Si de buenas a primeras me volviera incorpórea, se daría en mí el gran conflicto vital que a todos se nos cruza alguna vez en el camino: usarlo para hacer el bien e impartir justicia, mi concepto de justicia, claro, o por puro hedonismo. Una de las cosas que me gustaría hacer sería dar chorlitos a los imbéciles con los que me cruzo por la calle: los que atascan las aceras parloteando, los que van dando gritos, los maleducados que te avasallan. Sería una especia de justiciera, cosa que no me permite mi escasa o casi nula fuerza bruta. Me imagino las caras de los transeúntes ante un golpe seco en la nuca…y yo muerta de la risa. La verdad es que esta idea conjuga la idea de justicia divina con el puro placer.

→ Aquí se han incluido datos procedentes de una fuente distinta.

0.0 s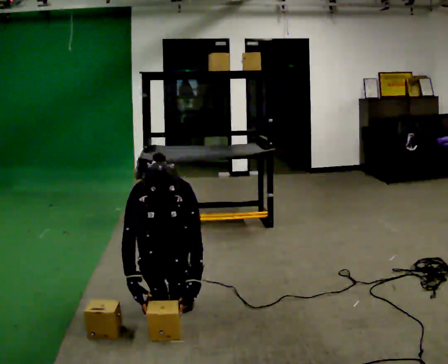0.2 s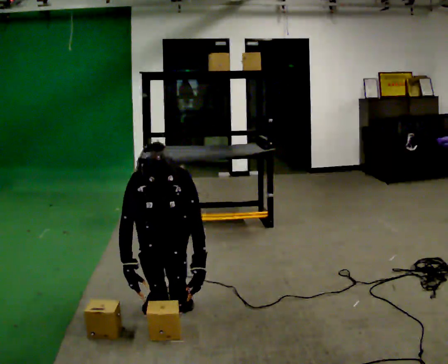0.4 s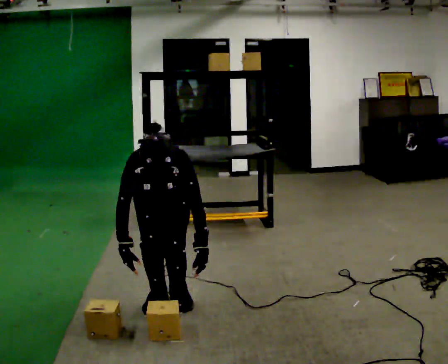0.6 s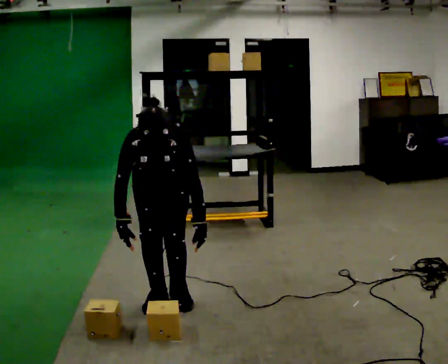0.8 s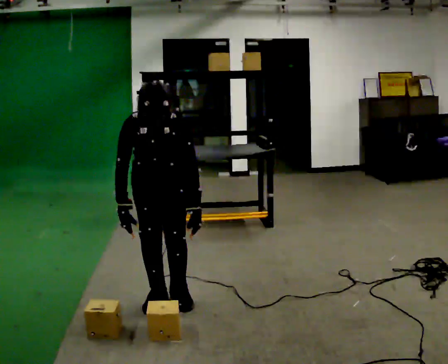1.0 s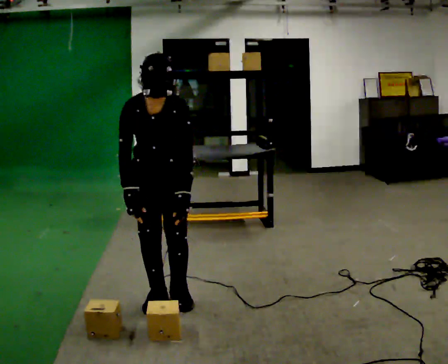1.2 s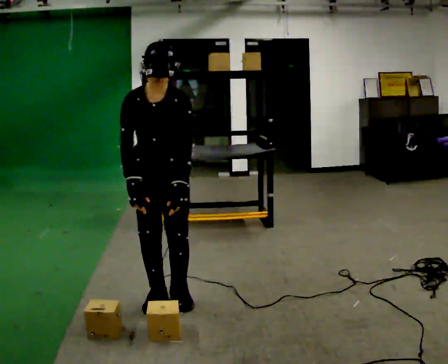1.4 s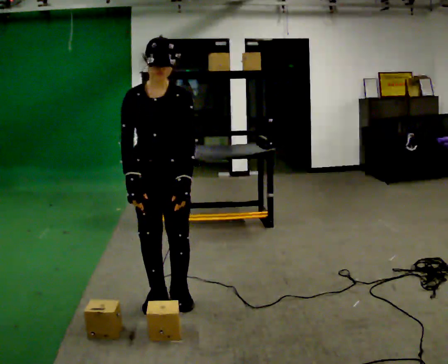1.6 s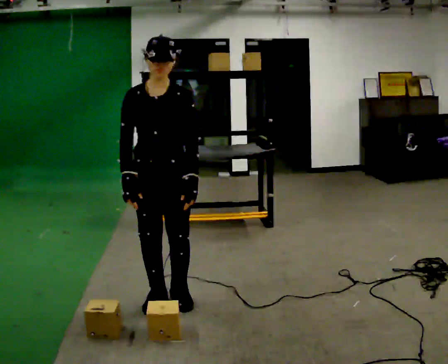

Lo que sí haría por gusto sería ir detrás de niños guapos, o de parejitas felices, y ejercería de voyeur (voyeuse, en mi caso). También imagino cómo sería practicar sexo siendo traslúcida…

El punto negativo de ser etérea es que correría riesgos innecesario: oír lo que no debo, meterme donde no me llaman… En cualquier caso prefiero ser invisible a ser transparente. Se debe sobrellevar mejor. Pero no, no puede ser, eso es fantasía, todavía no inventaron la máquina para borrar temporalmente la piel. Así que lo que me toca a mí es ser transparente, no saber mentir y dar alguna que otra torta sin manos.

domingo, 30 de agosto de 2009

Abuelas

Esas mujeres entregadas, a menudo con olor a neftalina, contadoras de historias… Las que nos consienten, nos cuidan cuando enfermamos, nos entretienen cuando nos aburrimos o nos riñen sacudiéndonos el polvo del culo con un cate. Son las que nunca se enfadan, las que no tienen nada propio, las que pelean lo que tienen que pelear porque sus niños estén a gusto. Las que dicen que como se quiere a un hijo sólo se puede querer a un nieto. Las abuelas, enciclopedias de refranes, recetario andante de sabores que no se vuelven a probar, autoras de frases célebres y madrinas de neologismos tecnológicos. El amor incondicional. La espera, la paciencia, la bondad. Virtudes que aprendieron en la mayoría de los casos a base de palos en una época oscura. La luz de los miedos infantiles. El parapeto. Las que ponen mercromina en las heridas. Las que nos enseñan dignidad cuando se marchan.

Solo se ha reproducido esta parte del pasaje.